Screenshot 2024-04-26 at 3.08.49 PM — https://arxiv.org/abs/2404.14662

Understanding and reasoning about program execution is an important skill for developers and is often applied during tasks such as debugging and code repair. Traditionally, developers mentally simulate code execution or use debugging tools to identify and fix errors. Despite their sophistication, large-scale language models (LLMs) trained on code have struggled to grasp deeper semantic aspects of program execution beyond the superficial textual representation of code. I did. This limitation often impacts the performance of complex software engineering tasks, such as program repair, where understanding a program's execution flow is essential.

Existing research on AI-driven software development includes several frameworks and models that focus on enhancing code execution inference. Notable examples include specialized neural architectures such as CrossBeam, which leverages the execution state of sequence-to-sequence models, and instruction-pointer attention graph neural networks. Other approaches, such as the differentiable Forth interpreter and Scratchpad, integrate execution traces directly into model training to improve program synthesis and debugging capabilities. These methods focus on both the process of execution and the dynamic state within the programming environment, paving the way for advanced reasoning about code.

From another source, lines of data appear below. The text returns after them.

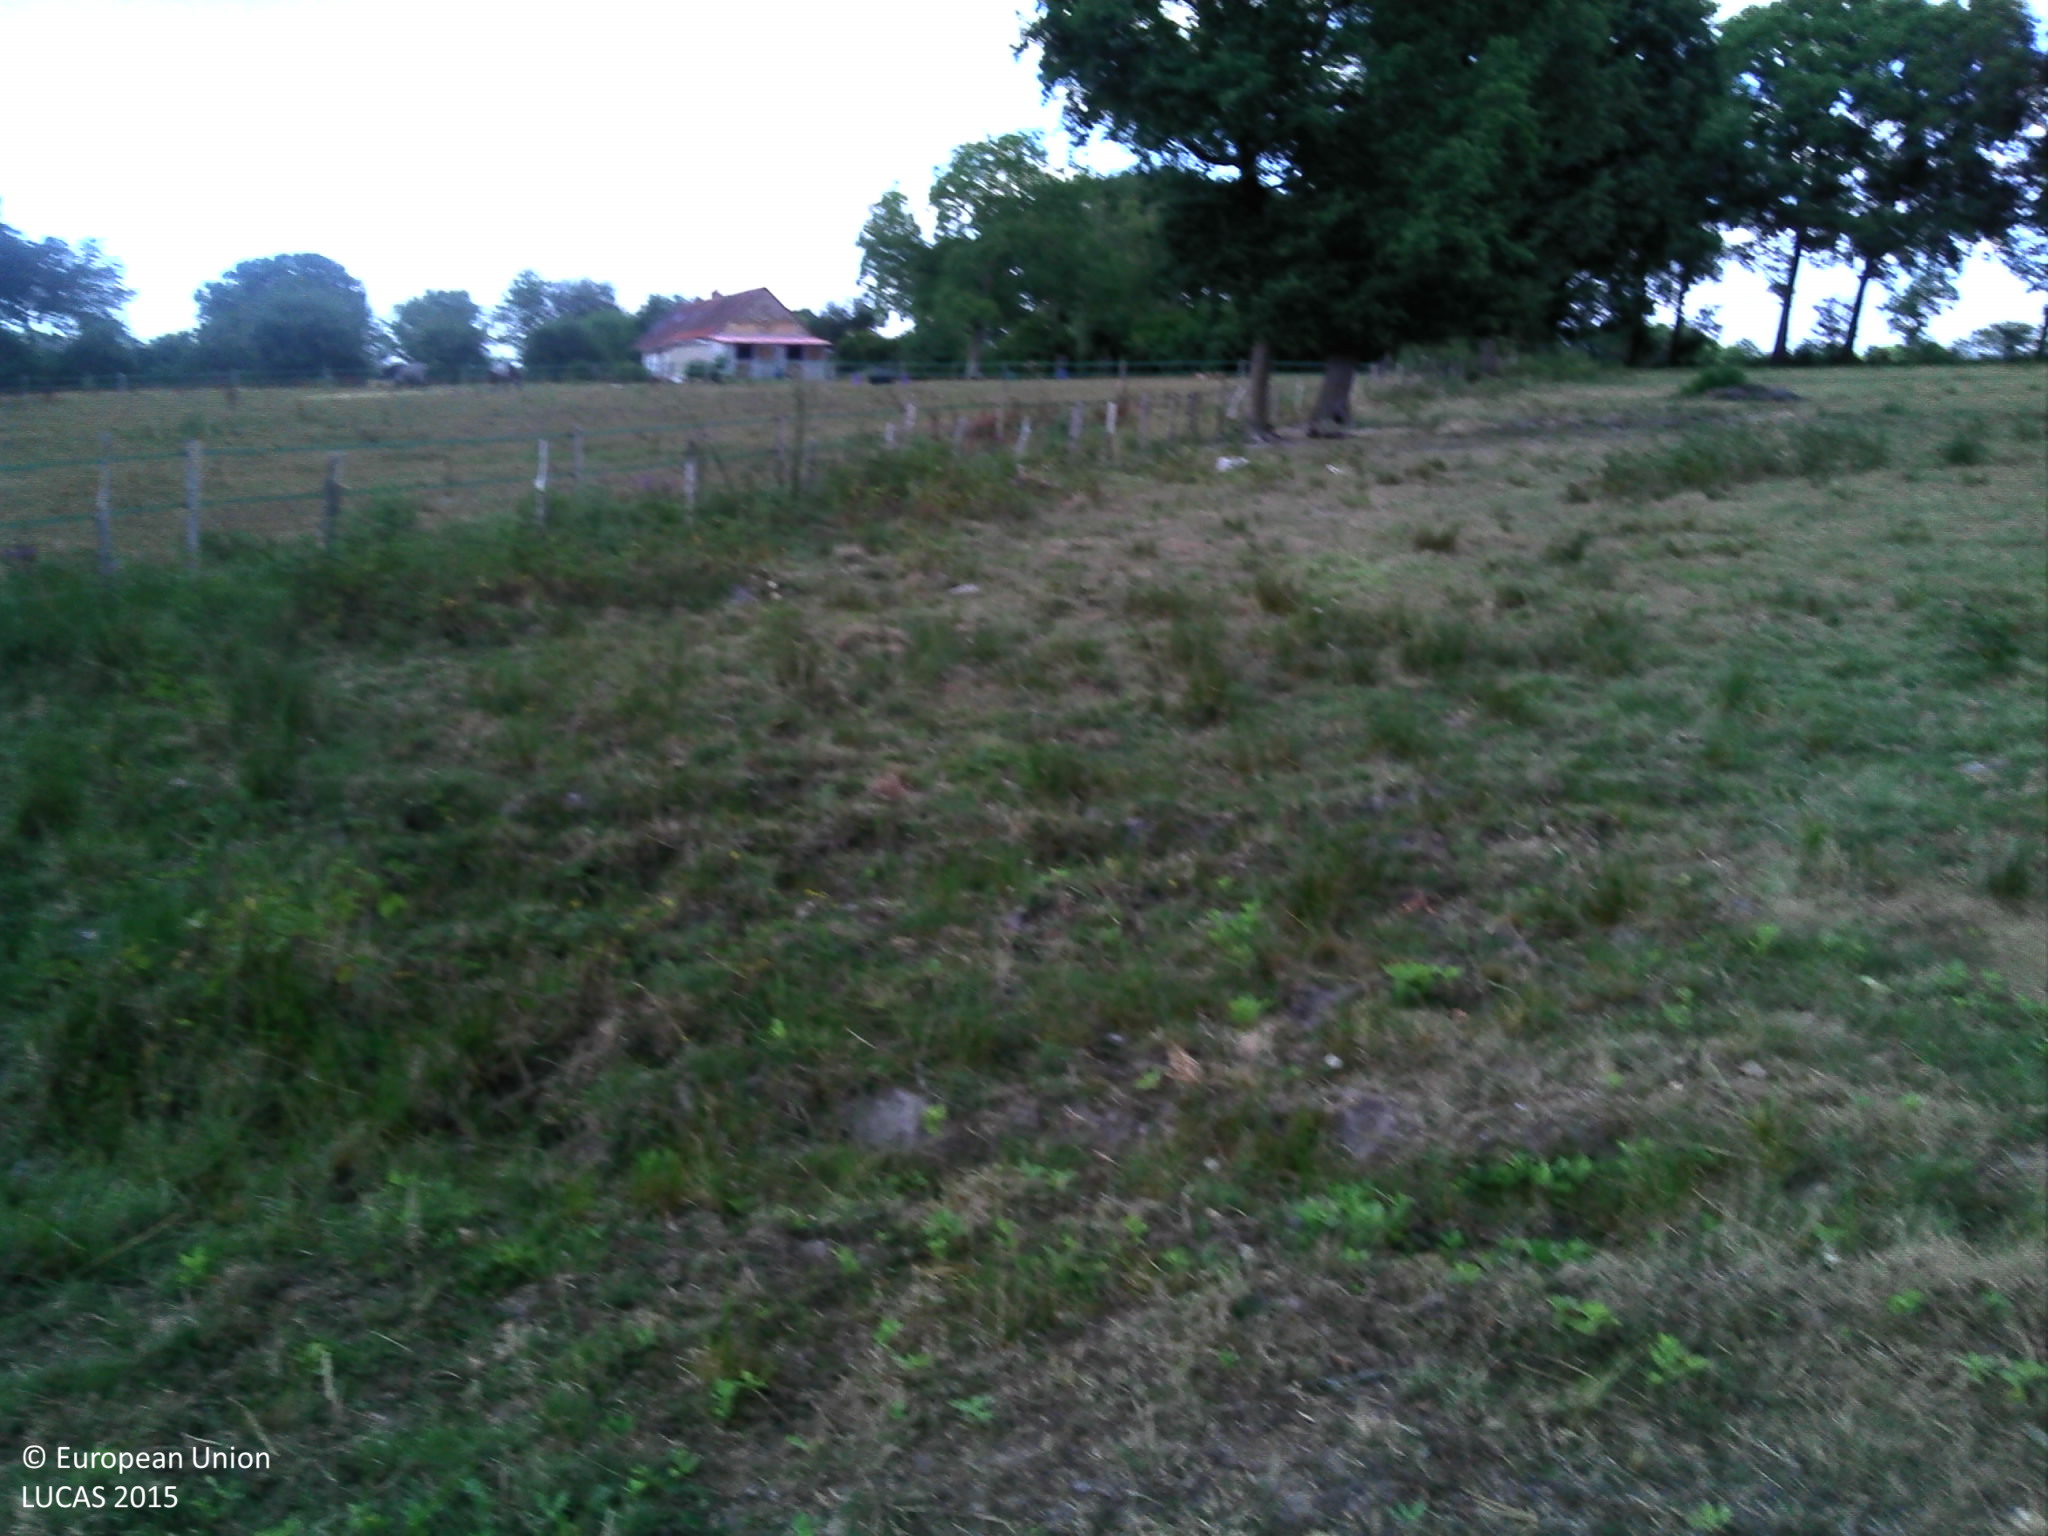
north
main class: Grassland
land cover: Grassland without tree/shrub cover
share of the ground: > 75 %
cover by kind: herbaceous plants 100 %
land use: Agriculture (excluding fallow land and kitchen gardens)
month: July
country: FR
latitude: 46.5625
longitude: 2.3103
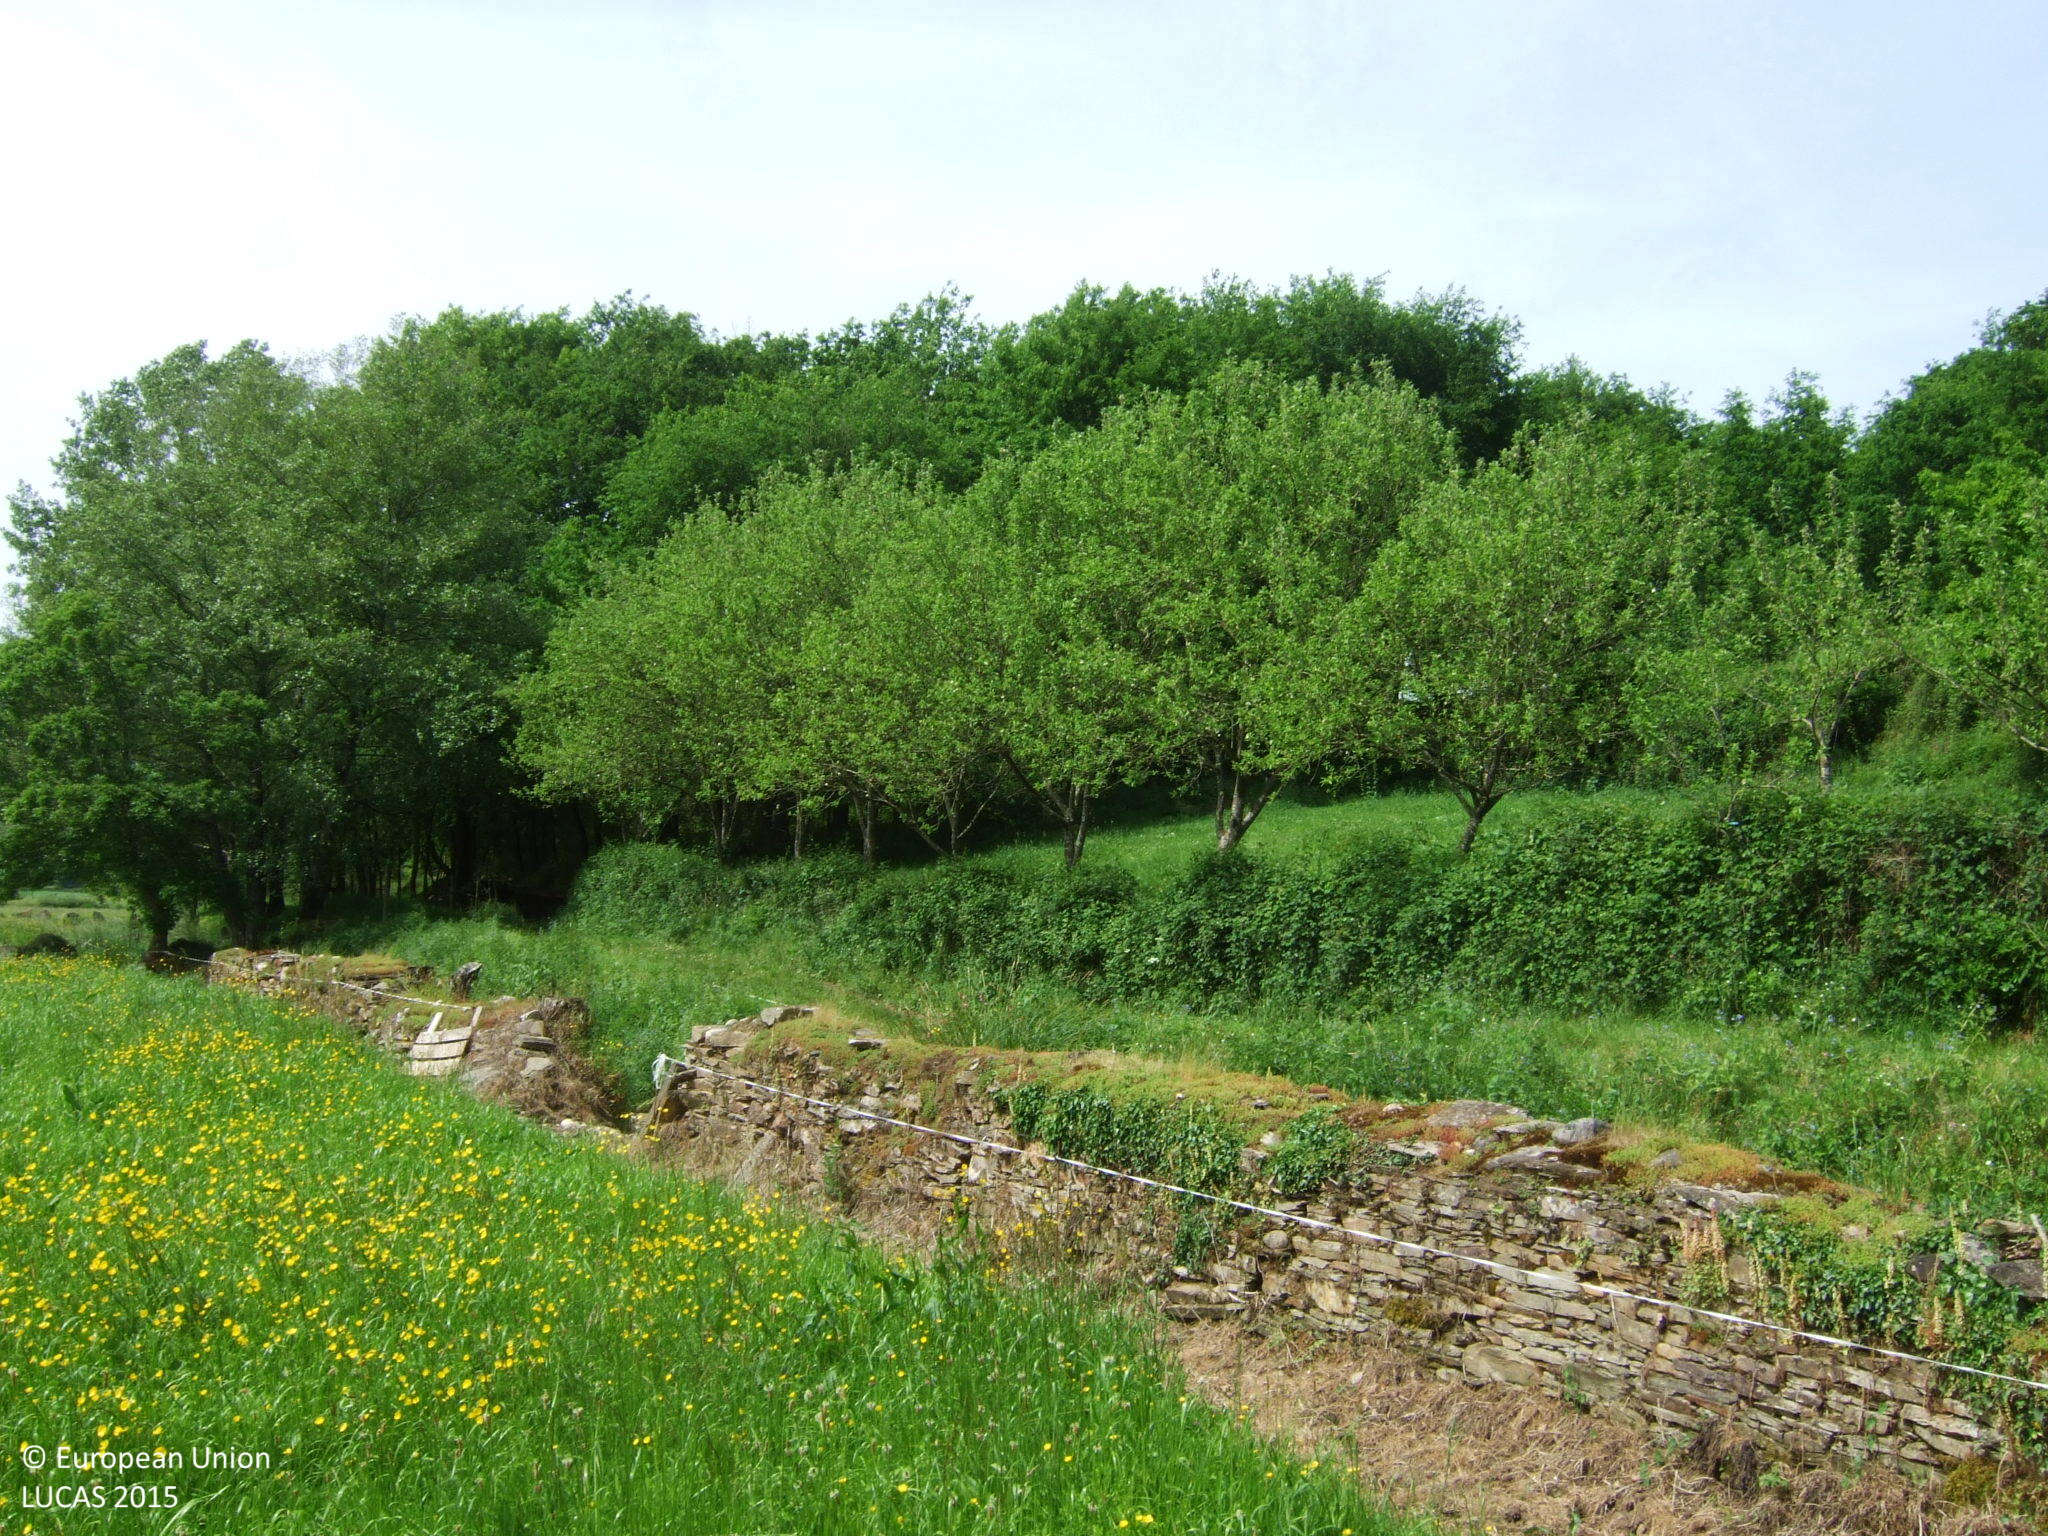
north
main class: Grassland
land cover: Grassland without tree/shrub cover
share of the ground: > 75 %
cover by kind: herbaceous plants 100 %
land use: Agriculture (excluding fallow land and kitchen gardens)
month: May
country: ES
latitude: 42.8589
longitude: -7.3382
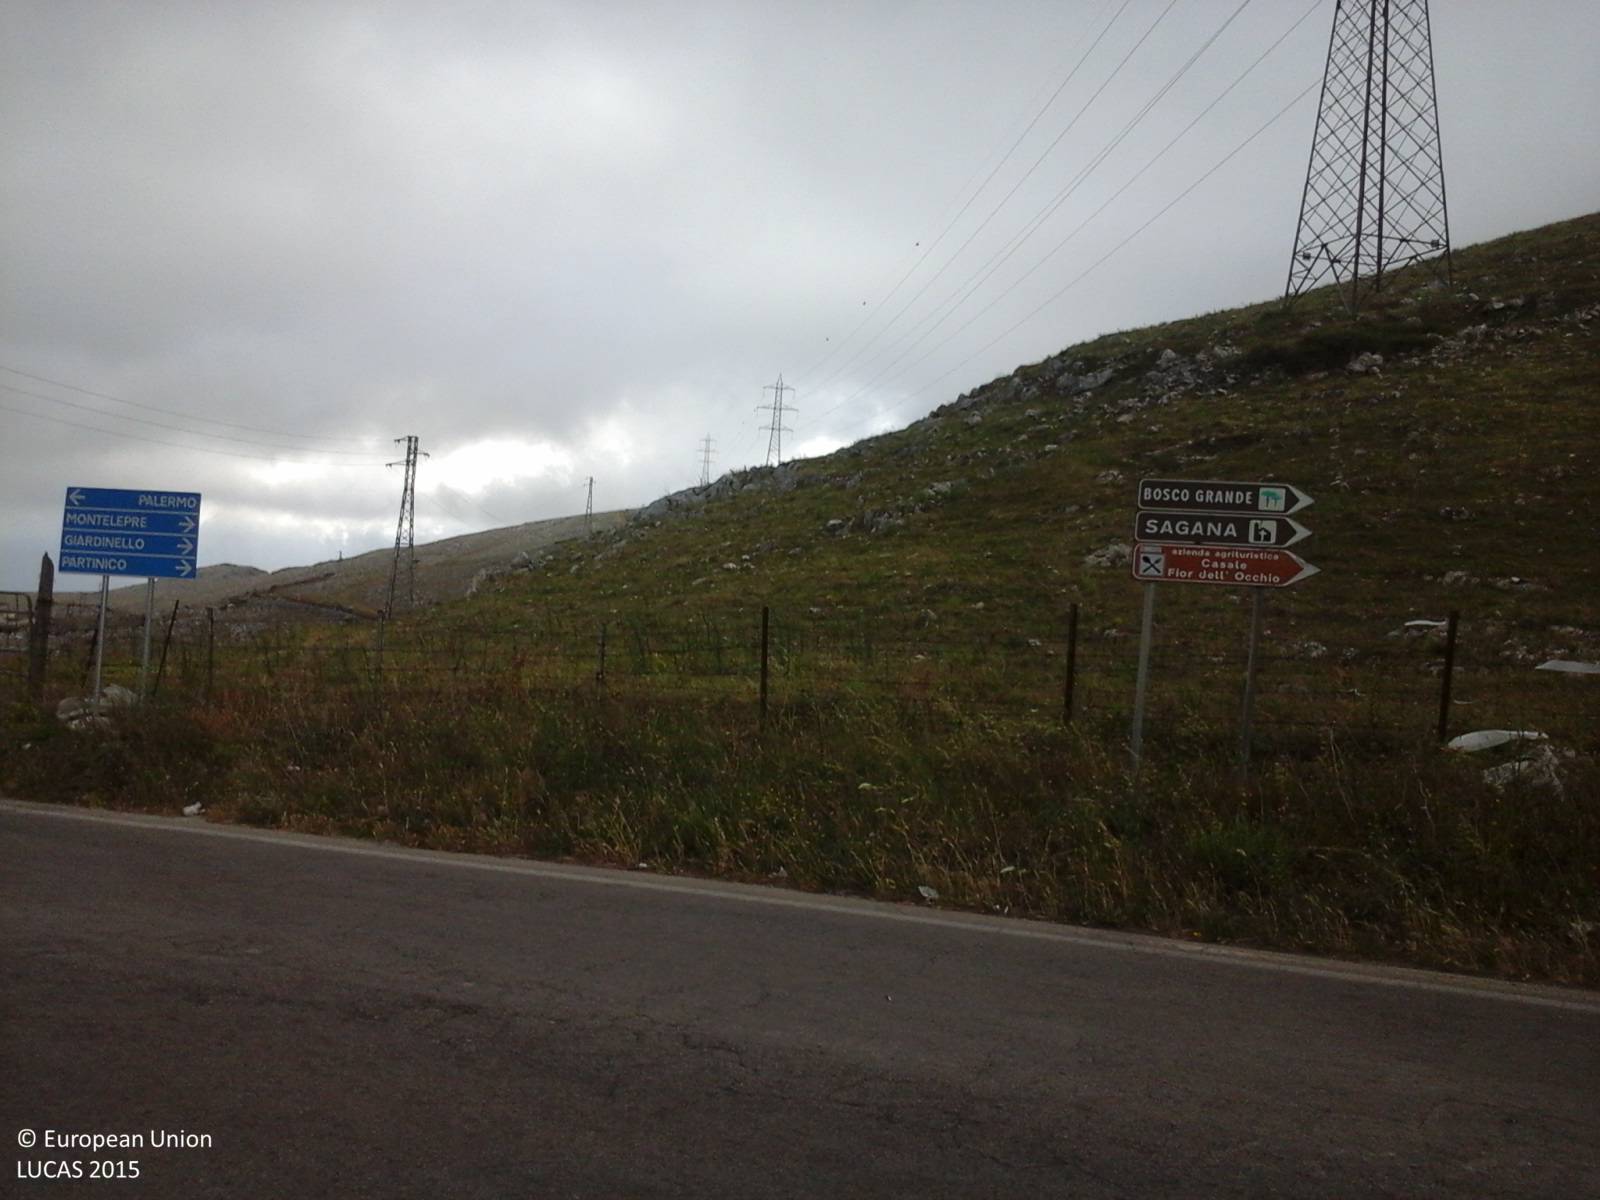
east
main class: Grassland
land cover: Grassland without tree/shrub cover
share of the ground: > 75 %
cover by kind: herbaceous plants 100 %
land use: Agriculture (excluding fallow land and kitchen gardens)
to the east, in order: Grassland without tree/shrub cover; Rocks and stones; Grassland without tree/shrub cover
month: June
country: IT
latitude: 38.1279
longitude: 13.2513

Researchers from Google DeepMind, Yale University, and the University of Illinois propose NExT, which introduces a new approach by teaching LLMs how to interpret and use execution traces, enabling more nuanced inferences about program behavior at runtime. I'll make it. This method stands out because it incorporates detailed runtime data directly into model training, facilitating semantic understanding of the code. By embedding execution traces as inline comments, NExT gives models access to important context that is often overlooked by traditional training methods, providing a more accurate basis for generated code fixes and making them more accurate than actual code. It will be based on execution.

The NExT methodology utilizes a self-training loop to improve the model's ability to generate action-aware rationale. First, the execution traces are synthesized into a dataset using the proposed code modifications. Each trace details the state of variables and their changes during execution. This method uses Google's PaLM 2 model to assess performance on tasks such as program repair, and iterative iterations significantly improve the model's accuracy. The dataset includes Mbpp-R and HumanEval Fix-Plus, benchmarks designed to test programming skills and error correction in code. This method of iterative learning and synthetic dataset generation focuses on actually improving the programming capabilities of LLM without requiring extensive manual annotation.

Significant improvements in program repair tasks demonstrate the effectiveness of NExT. Applying the NExT technique, the PaLM 2 model achieved an absolute fixed-rate increase of 26.1% on the Mbpp-R dataset and an absolute improvement of 14.3% on HumanEval Fix-Plus. These results demonstrate a significant improvement in the model's ability to accurately diagnose and correct programming errors. Additionally, the quality of the rationale generated by the model, which is essential for explaining code fixes, has significantly improved, as evidenced by automated metrics and human evaluation.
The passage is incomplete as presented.